2. Orchestrator handles directly
   - Runs EXPLAIN ANALYZE
   - Identifies missing index
   - Creates index
   - Tests performance
   - Documents in `.agent_work/fix-query-timeout/project_state.md`

**Result:** Query now fast, documented

### Example 3: Large Refactor

**Request:** "Migrate 50 Python files from sync to async"

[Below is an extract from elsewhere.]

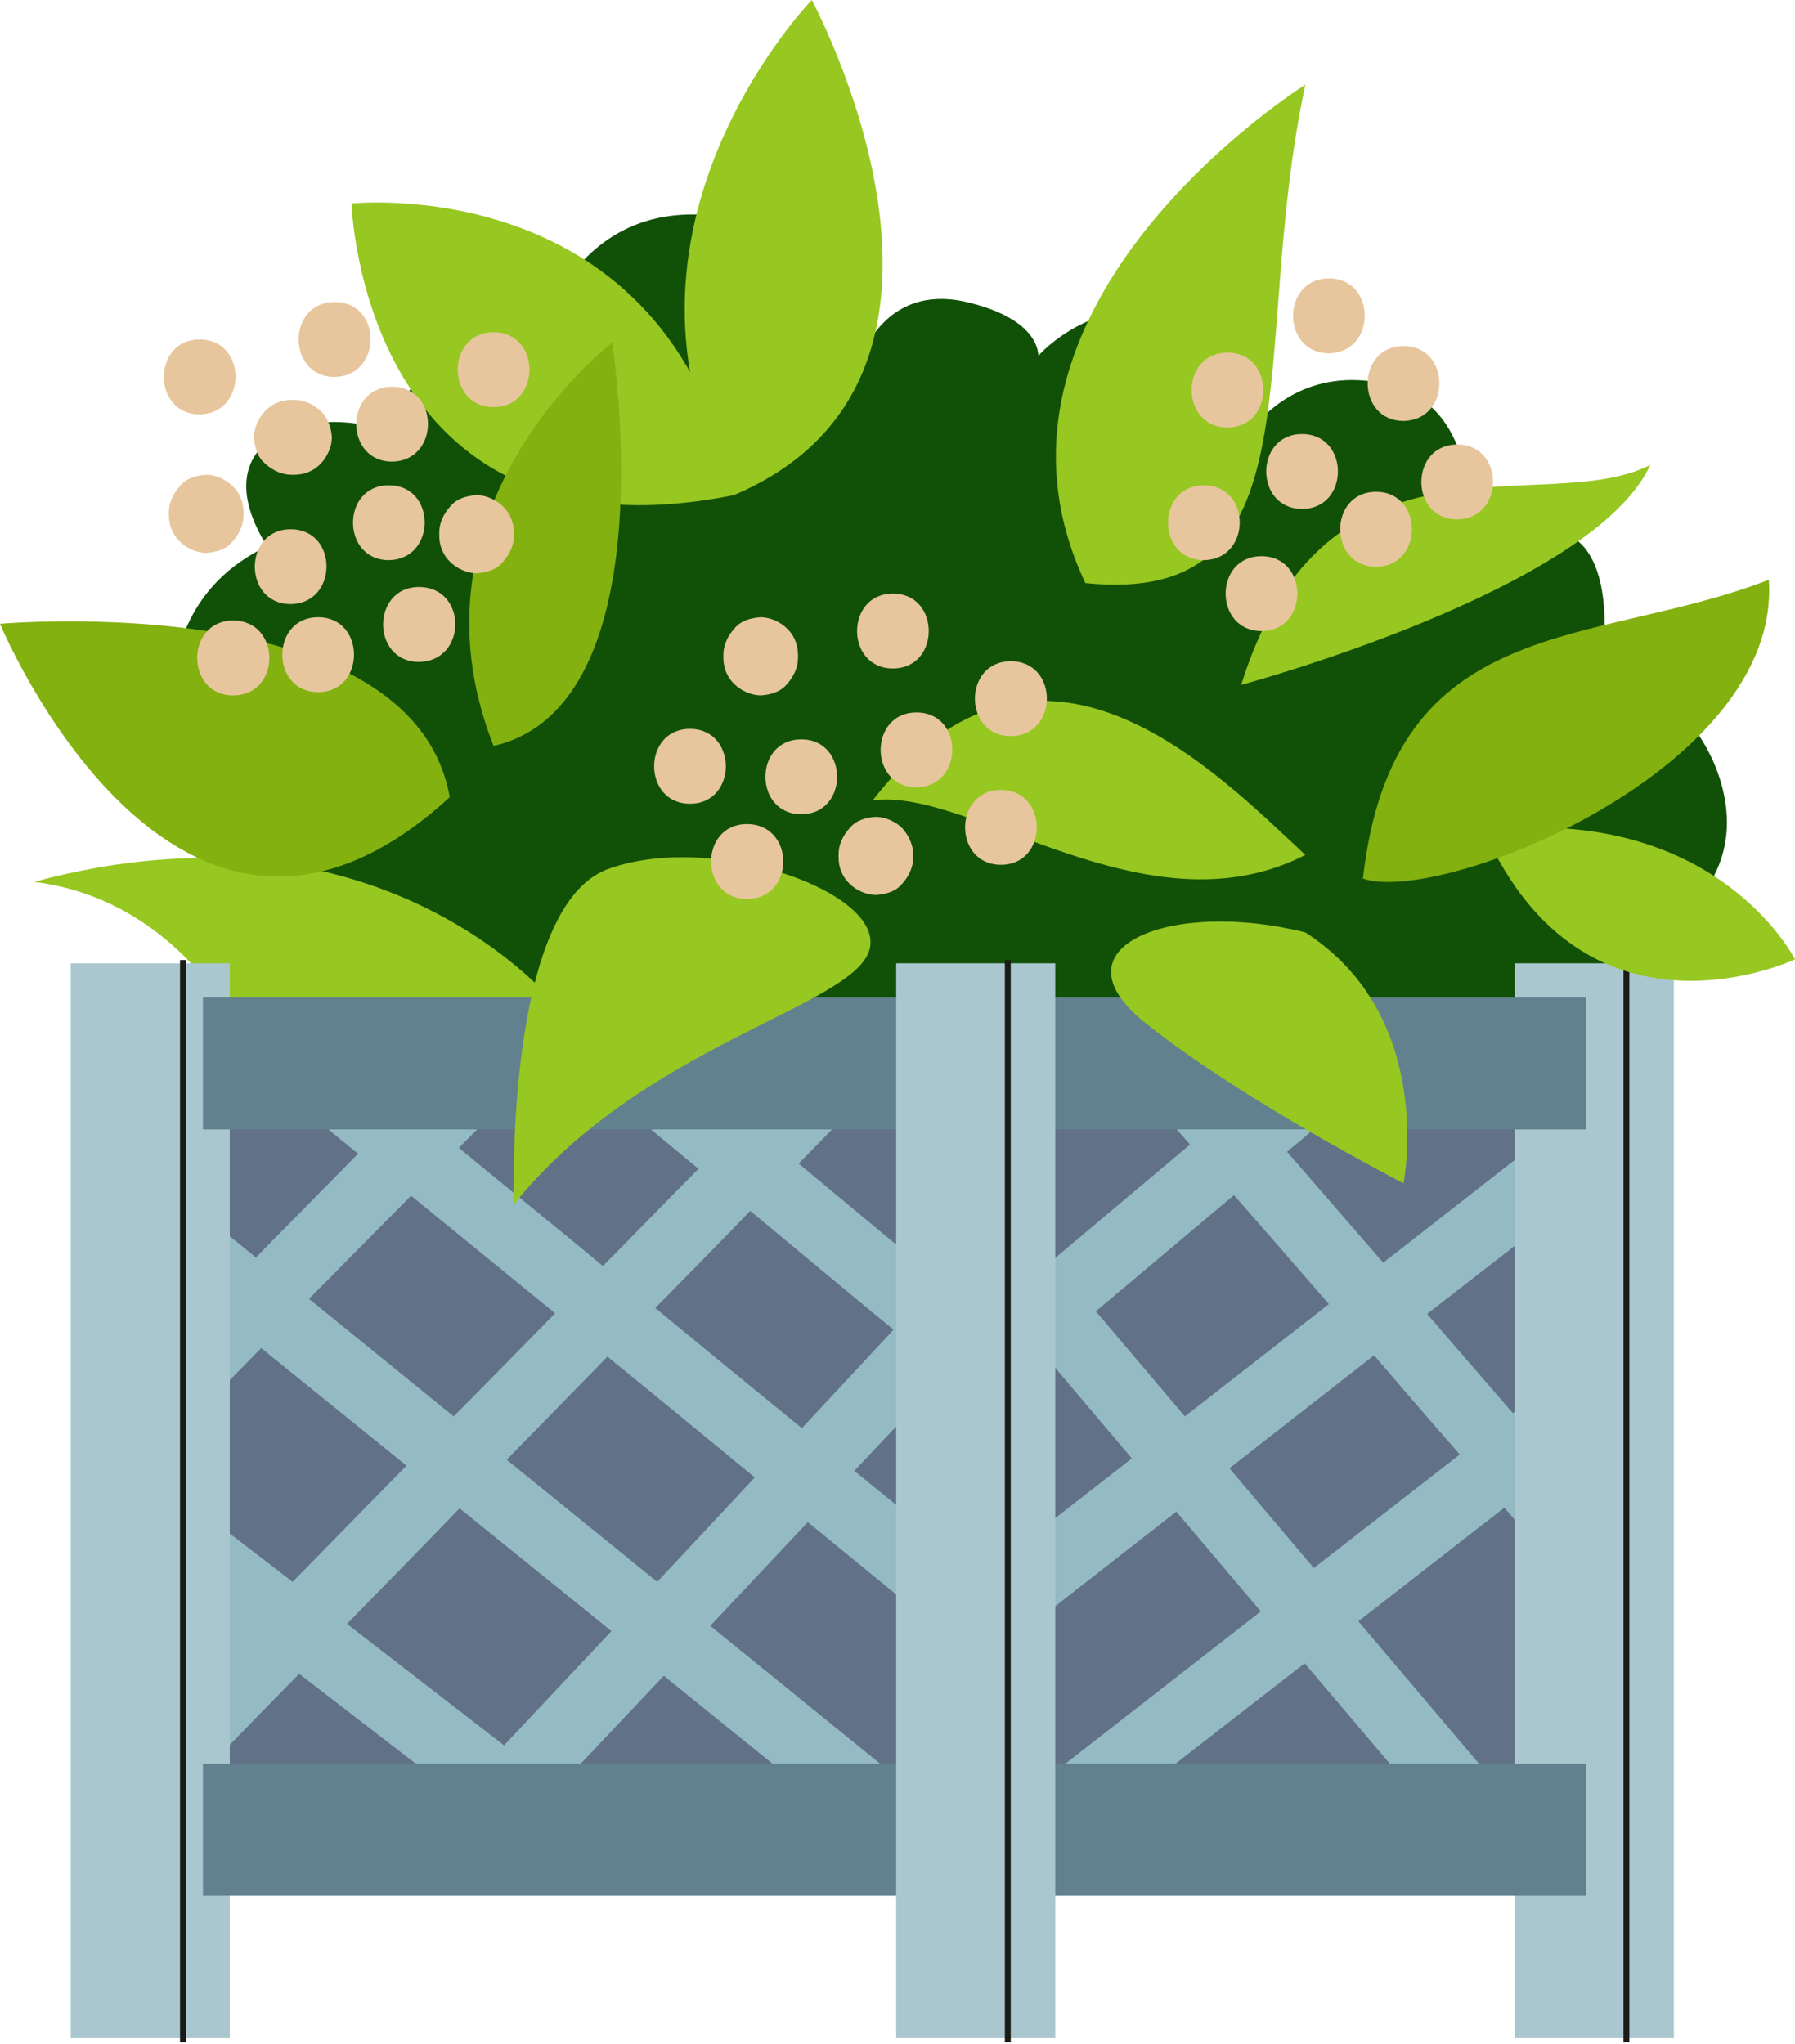<?xml version="1.0" encoding="UTF-8"?> <svg xmlns="http://www.w3.org/2000/svg" width="584" height="665" viewBox="0 0 584 665" fill="none"> <path d="M84.768 325.607C56.228 273.69 35.356 202.116 86.898 177.76C64.961 142.507 101.168 131.398 125.448 140.157C143.126 101.486 174.86 111.528 174.86 111.528C174.86 111.528 188.065 56.406 245.358 72.857C286.038 86.103 280.5 115.801 280.5 115.801C280.5 115.801 288.168 92.727 313.513 98.068C338.858 103.623 337.793 115.801 337.793 115.801C337.793 115.801 357.601 92.727 388.483 103.623C419.366 114.733 407.226 139.944 407.226 139.944C407.226 139.944 422.561 116.869 453.443 125.629C484.326 134.389 477.723 179.683 477.723 179.683C477.723 179.683 488.799 168.573 507.328 173.06C526.071 177.546 521.598 211.731 521.598 211.731C521.598 211.731 555.676 228.182 561.213 260.23C566.751 292.278 534.803 306.592 534.803 306.592L521.598 338.64L84.768 325.607Z" fill="#115107"></path> <path d="M11.074 286.936C56.227 292.491 76.034 332.231 76.034 332.231L181.675 327.744C181.462 327.744 125.447 255.957 11.074 286.936Z" fill="#97C721"></path> <path d="M504.984 346.545H46.216V593.741H504.984V346.545Z" fill="#617288"></path> <path d="M492.203 459.781C483.47 449.739 474.099 438.843 464.302 427.52L504.982 395.899V367.911L450.032 410.855C437.253 396.113 427.03 384.362 418.723 374.748L452.375 346.545H418.084L404.24 358.083C399.981 353.382 396.573 349.537 394.017 346.545H376.126L373.358 354.878C371.228 354.237 369.95 352.955 369.524 352.741C371.015 354.237 377.617 361.501 387.202 372.397L342.475 410L330.122 395.472L313.296 409.786L325.649 424.315L320.325 428.802C297.109 409.573 277.089 392.908 259.837 378.593C270.699 367.483 281.136 356.801 290.933 346.759H260.05C254.087 352.741 248.336 358.724 242.798 364.492C235.131 358.083 228.103 352.314 221.5 346.759H186.784C198.924 356.801 212.768 368.338 227.251 380.302C216.388 391.199 206.165 401.881 196.155 411.923C192.534 408.932 188.914 405.941 185.293 402.95C172.514 392.481 160.374 382.653 149.299 373.466C158.457 364.279 167.189 355.305 175.709 346.759H144.613C140.353 351.032 136.094 355.305 132.047 359.578C126.509 355.092 121.398 350.819 116.286 346.759H81.357C92.006 355.305 103.72 364.92 116.499 375.388C104.785 387.353 93.71 398.463 83.273 409.146L46.001 379.021V407.436L67.726 424.956C60.058 432.647 52.817 440.125 46.001 446.962V505.075L71.346 533.705C58.78 546.524 55.799 555.284 46.001 565.325V594.168H48.983C63.466 579.426 79.653 562.548 97.33 544.601L148.873 584.34L139.714 594.168H197.646L181.459 581.776L215.962 545.242L276.45 594.168H311.379L231.084 529.004L262.819 495.247C280.071 509.348 296.683 523.022 312.444 535.841L319.26 541.396L382.729 491.829L410.204 524.304L320.538 594.168H356.319L424.474 541.183L469.413 594.168H498.379L441.938 527.509L489.434 490.547C494.758 496.743 500.083 502.725 504.982 508.707V450.594L492.203 459.781ZM133.751 389.062C148.66 401.24 164.42 414.06 180.607 427.306C169.106 439.057 158.031 450.38 147.595 460.849L100.525 422.606C111.6 411.496 122.676 400.172 133.751 389.062ZM95.201 514.69L46.853 477.514C58.78 465.336 71.772 452.09 84.977 438.63L132.26 476.873C118.842 490.547 106.489 503.152 95.201 514.69ZM163.994 567.889L112.878 528.363C124.805 516.185 137.158 503.58 149.511 490.761L198.924 530.714L163.994 567.889ZM213.833 514.69L164.846 474.95C175.709 463.84 186.784 452.517 197.646 441.407C213.62 454.44 229.806 467.686 245.567 480.719L213.833 514.69ZM260.902 464.695C246.206 452.731 230.019 439.484 213.194 425.597C223.63 414.914 234.066 404.445 244.076 393.976C259.837 407.009 275.598 420.255 290.72 432.647L260.902 464.695ZM319.473 512.553C311.379 505.93 296.683 493.752 277.941 478.582L307.759 446.962C309.462 448.458 311.379 449.953 313.083 451.449L320.112 457.217L339.706 440.766L368.246 474.523L319.473 512.553ZM356.532 426.665L401.471 388.849C410.63 399.318 421.279 411.496 432.354 424.315L385.498 460.849L356.532 426.665ZM427.456 510.203L399.981 477.728L447.05 440.98C456.208 451.662 465.58 462.559 474.951 473.241L427.456 510.203Z" fill="#94BBC3"></path> <path d="M74.756 313.428H23.001V663.176H74.756V313.428Z" fill="#AAC7CF"></path> <path d="M60.485 312.361H58.568V664.46H60.485V312.361Z" fill="#1C1C16"></path> <path d="M544.597 313.428H492.841V663.176H544.597V313.428Z" fill="#AAC7CF"></path> <path d="M530.115 312.361H528.198V664.46H530.115V312.361Z" fill="#1C1C16"></path> <path d="M516.059 324.537H66.024V367.481H516.059V324.537Z" fill="#61818E"></path> <path d="M516.059 573.871H66.024V616.815H516.059V573.871Z" fill="#61818E"></path> <path d="M343.327 313.428H291.572V663.176H343.327V313.428Z" fill="#AAC7CF"></path> <path d="M328.846 312.361H326.929V664.46H328.846V312.361Z" fill="#1C1C16"></path> <path d="M167.192 391.839C167.192 391.839 163.997 294.627 198.075 282.663C232.152 270.485 288.38 290.354 282.842 309.156C277.305 327.743 208.937 339.922 167.192 391.839Z" fill="#97C721"></path> <path d="M146.32 259.373C134.18 191.004 0 202.968 0 202.968C0 202.968 57.293 340.988 146.32 259.373Z" fill="#83B110"></path> <path d="M238.757 161.095C217.884 55.123 114.374 66.233 114.374 66.233C114.374 66.233 117.782 185.451 238.757 161.095Z" fill="#97C721"></path> <path d="M238.757 161.094C191.474 74.992 264.102 0 264.102 0C264.102 0 330.127 122.423 238.757 161.094Z" fill="#97C721"></path> <path d="M353.128 189.723C310.318 99.134 424.69 27.561 424.69 27.561C405.948 114.731 430.228 197.628 353.128 189.723Z" fill="#97C721"></path> <path d="M283.909 260.442C337.794 191.005 395.087 250.614 424.691 278.175C372.936 304.668 315.644 255.955 283.909 260.442Z" fill="#97C721"></path> <path d="M403.817 222.84C431.291 134.602 502.641 168.786 536.931 151.267C518.189 192.074 403.817 222.84 403.817 222.84Z" fill="#97C721"></path> <path d="M482.834 270.27C558.656 261.51 584.001 312.146 584.001 312.146C584.001 312.146 515.846 344.407 482.834 270.27Z" fill="#97C721"></path> <path d="M424.689 303.384C467.498 330.946 456.636 385 456.636 385C456.636 385 404.881 358.507 372.934 333.082C340.986 307.871 381.666 292.488 424.689 303.384Z" fill="#97C721"></path> <path d="M160.59 242.708C129.707 164.511 199.14 111.525 199.14 111.525C199.14 111.525 217.883 229.461 160.59 242.708Z" fill="#83B110"></path> <path d="M443.433 285.867C453.23 198.697 518.19 210.875 575.483 188.655C579.742 250.401 468.565 294.627 443.433 285.867Z" fill="#83B110"></path> <path d="M103.511 200.832C87.963 200.832 87.963 225.188 103.511 225.188C119.059 225.188 119.059 200.832 103.511 200.832Z" fill="#E7C69D"></path> <path d="M136.308 191.004C120.76 191.004 120.76 215.36 136.308 215.36C152.069 215.147 152.069 191.004 136.308 191.004Z" fill="#E7C69D"></path> <path d="M163.571 164.726C161.442 162.59 158.034 161.094 155.052 161.094C151.857 161.308 148.663 162.163 146.533 164.726C144.403 167.077 142.912 170.068 142.912 173.273V174.341C142.912 177.546 144.19 180.75 146.533 182.887C148.663 185.023 152.07 186.519 155.052 186.519C158.247 186.305 161.442 185.451 163.571 182.887C165.701 180.537 167.192 177.546 167.192 174.341V173.273C167.192 170.068 165.914 166.863 163.571 164.726Z" fill="#E7C69D"></path> <path d="M126.512 157.89C110.964 157.89 110.964 182.246 126.512 182.246C142.06 182.033 142.06 157.89 126.512 157.89Z" fill="#E7C69D"></path> <path d="M94.566 172.204C79.019 172.204 79.019 196.56 94.566 196.56C110.114 196.347 110.114 172.204 94.566 172.204Z" fill="#E7C69D"></path> <path d="M127.579 125.839C112.031 125.839 112.031 150.196 127.579 150.196C143.126 149.982 143.126 125.839 127.579 125.839Z" fill="#E7C69D"></path> <path d="M104.36 133.746C102.017 131.61 99.036 130.114 95.841 130.114H94.776C91.581 130.114 88.386 131.396 86.257 133.746C84.127 135.883 82.636 139.301 82.636 142.292C82.849 145.497 83.701 148.702 86.257 150.839C88.599 152.975 91.581 154.471 94.776 154.471H95.841C99.036 154.471 102.23 153.189 104.36 150.839C106.49 148.702 107.981 145.284 107.981 142.292C107.768 139.301 106.703 135.883 104.36 133.746Z" fill="#E7C69D"></path> <path d="M75.609 158.103C73.48 155.966 70.072 154.471 67.09 154.471C63.895 154.685 60.7 155.539 58.571 158.103C56.441 160.453 54.95 163.444 54.95 166.649V167.717C54.95 170.922 56.228 174.127 58.571 176.263C60.7 178.4 64.108 179.895 67.09 179.895C70.285 179.682 73.48 178.827 75.609 176.263C77.739 173.913 79.23 170.922 79.23 167.717V166.649C79.23 163.444 77.952 160.239 75.609 158.103Z" fill="#E7C69D"></path> <path d="M108.833 98.278C93.285 98.278 93.285 122.635 108.833 122.635C124.381 122.421 124.594 98.278 108.833 98.278Z" fill="#E7C69D"></path> <path d="M64.962 110.459C49.414 110.459 49.414 134.815 64.962 134.815C80.51 134.601 80.51 110.459 64.962 110.459Z" fill="#E7C69D"></path> <path d="M160.591 108.106C145.043 108.106 145.043 132.463 160.591 132.463C176.138 132.463 176.138 108.106 160.591 108.106Z" fill="#E7C69D"></path> <path d="M75.821 201.902C60.273 201.902 60.273 226.259 75.821 226.259C91.582 226.259 91.582 201.902 75.821 201.902Z" fill="#E7C69D"></path> <path d="M224.485 237.154C208.937 237.154 208.937 261.51 224.485 261.51C240.033 261.51 240.033 237.154 224.485 237.154Z" fill="#E7C69D"></path> <path d="M243.016 268.134C227.468 268.134 227.468 292.49 243.016 292.49C258.776 292.49 258.776 268.134 243.016 268.134Z" fill="#E7C69D"></path> <path d="M293.49 269.413C291.36 267.277 287.953 265.781 284.971 265.781C281.776 265.995 278.581 266.85 276.452 269.413C274.322 271.764 272.831 274.755 272.831 277.96V279.028C272.831 282.233 274.109 285.437 276.452 287.574C278.581 289.71 281.989 291.206 284.971 291.206C288.166 290.992 291.36 290.138 293.49 287.574C295.62 285.224 297.111 282.233 297.111 279.028V277.96C297.111 274.968 295.62 271.764 293.49 269.413Z" fill="#E7C69D"></path> <path d="M260.694 240.573C245.146 240.573 245.146 264.929 260.694 264.929C276.242 264.929 276.242 240.573 260.694 240.573Z" fill="#E7C69D"></path> <path d="M298.176 231.812C282.629 231.812 282.629 256.168 298.176 256.168C313.724 255.955 313.724 231.812 298.176 231.812Z" fill="#E7C69D"></path> <path d="M256.008 204.464C253.878 202.327 250.47 200.832 247.488 200.832C244.294 201.045 241.099 201.9 238.969 204.464C236.839 206.814 235.348 209.805 235.348 213.01V214.078C235.348 217.283 236.626 220.488 238.969 222.624C241.099 224.761 244.507 226.256 247.488 226.256C250.683 226.043 253.878 225.188 256.008 222.624C258.138 220.274 259.628 217.283 259.628 214.078V213.01C259.628 209.805 258.351 206.6 256.008 204.464Z" fill="#E7C69D"></path> <path d="M290.51 193.141C274.962 193.141 274.962 217.498 290.51 217.498C306.057 217.498 306.057 193.141 290.51 193.141Z" fill="#E7C69D"></path> <path d="M328.848 215.149C313.3 215.149 313.3 239.506 328.848 239.506C344.396 239.506 344.609 215.149 328.848 215.149Z" fill="#E7C69D"></path> <path d="M325.651 257.024C310.104 257.024 310.104 281.381 325.651 281.381C341.199 281.381 341.199 257.024 325.651 257.024Z" fill="#E7C69D"></path> <path d="M391.676 157.89C376.128 157.89 376.128 182.246 391.676 182.246C407.224 182.033 407.224 157.89 391.676 157.89Z" fill="#E7C69D"></path> <path d="M410.421 180.965C394.873 180.965 394.873 205.321 410.421 205.321C425.969 205.321 425.969 180.965 410.421 180.965Z" fill="#E7C69D"></path> <path d="M447.692 160.024C432.145 160.024 432.145 184.38 447.692 184.38C463.24 184.38 463.24 160.024 447.692 160.024Z" fill="#E7C69D"></path> <path d="M423.625 141.224C408.077 141.224 408.077 165.58 423.625 165.58C439.173 165.58 439.173 141.224 423.625 141.224Z" fill="#E7C69D"></path> <path d="M399.346 114.73C383.799 114.73 383.799 139.086 399.346 139.086C414.894 139.086 414.894 114.73 399.346 114.73Z" fill="#E7C69D"></path> <path d="M432.359 90.588C416.811 90.588 416.811 114.944 432.359 114.944C447.906 114.731 447.906 90.588 432.359 90.588Z" fill="#E7C69D"></path> <path d="M456.637 112.596C441.089 112.596 441.089 136.952 456.637 136.952C472.185 136.739 472.185 112.596 456.637 112.596Z" fill="#E7C69D"></path> <path d="M474.101 144.643C458.553 144.643 458.553 168.999 474.101 168.999C489.648 168.786 489.648 144.643 474.101 144.643Z" fill="#E7C69D"></path> </svg>

**Orchestrator Decision:** Complex, phased approach

**Execution:**
1. Phase 1: Analysis
   - Code Analysis Agent maps dependencies
   - Identifies blocking calls
   - Writes to `.agent_work/analysis/`

2. Phase 2: Implementation (parallel)
   - Implementation Agent A: Core modules (20 files)
   - Implementation Agent B: API routes (15 files)
   - Implementation Agent C: Utils (15 files)
   - All write to `.agent_work/implementation/`

3. Phase 3: Testing
   - Testing Agent validates async behavior
   - Writes to `.agent_work/testing/`

4. Orchestrator synthesizes
   - Resolves conflicts
   - Integration testing
   - Migration plan

**Result:** Migrated codebase with tests

---

## Best Practices

### For Orchestrator
- Default to handling directly
- Spawn workers only for truly parallel work
- Give workers focused, non-overlapping tasks
- Use extended thinking for planning
- Document decisions in `project_state.md`

### For Worker Specs
**Good:**
```
AGENT: implementation
OBJECTIVE: Create SQLMesh model for user_activity_daily
SCOPE: Create models/user_activity_daily.sql
CONSTRAINTS: DuckDB SQL, incremental by date, partition by event_date
OUTPUT: .agent_work/implementation/models/
BUDGET: 20 tool calls
```

**Bad:**
```
AGENT: implementation
OBJECTIVE: Help with the data stuff
```

### For Long Tasks
- Maintain `.agent_work/project_state.md`
- Update after each major phase
- Use compaction if approaching context limits
- Load files just-in-time (not entire codebase)

---

## Context Management

### Just-in-Time Loading

Don't load entire codebases:
```bash
# Good: Survey, then target
find models/ -name "*.sql" | head -10
rg "SELECT.*FROM" models/
cat models/specific_model.sql

# Bad: Load everything
cat models/*.sql
```

### Project State Tracking

For long tasks (>50 turns), maintain state:

```markdown
## Project: [Name]
## Phase: [Current]

### Completed
- [x] Task 1 - Agent - Outcome

### Current
- [ ] Task 2 - Agent - Status

### Decisions
1. Decision - Rationale

### Next Steps
1. Step 1
2. Step 2
```

---

## Troubleshooting

### "Workers are duplicating work"
**Cause:** Vague task boundaries
**Fix:** Be more specific, assign non-overlapping files

### "Coordination overhead too high"
**Cause:** Task not parallelizable
**Fix:** Handle directly, don't use workers

### "Context window exceeded"
**Cause:** Loading too much data
**Fix:** Use JIT loading, summarize outputs

### "Workers stepping on each other"
**Cause:** Overlapping responsibilities
**Fix:** Separate by file/module, clear boundaries

---

## Summary

**System:**
- 4 agents: Orchestrator + 3 workers
- Orchestrator handles most tasks directly (90%)
- Workers used for truly complex, parallelizable work (10%)

**Philosophy:**
- Simple, direct, procedural code
- Data-oriented design
- Functions over classes
- Build minimum that works

**Tech Stack:**
- Data: SQLMesh, DuckDB, Iceberg, ELT
- SaaS: Robyn, evidence.dev
- Testing: pytest, DuckDB SQL tests

**Working Directory:**
- `.agent_work/` for all agent outputs
- Add to `.gitignore`
- Review, then move to final locations

**Golden Rule:** When in doubt, go simpler. Most tasks don't need multiple agents.

---

## Getting Started

1. Read `coding_philosophy.md` to understand principles
2. Use `orchestrator.md` as your main agent in Claude Code
3. Let orchestrator decide when to spawn workers
4. Review outputs in `.agent_work/`
5. Iterate based on results

Start simple. Add complexity only when needed.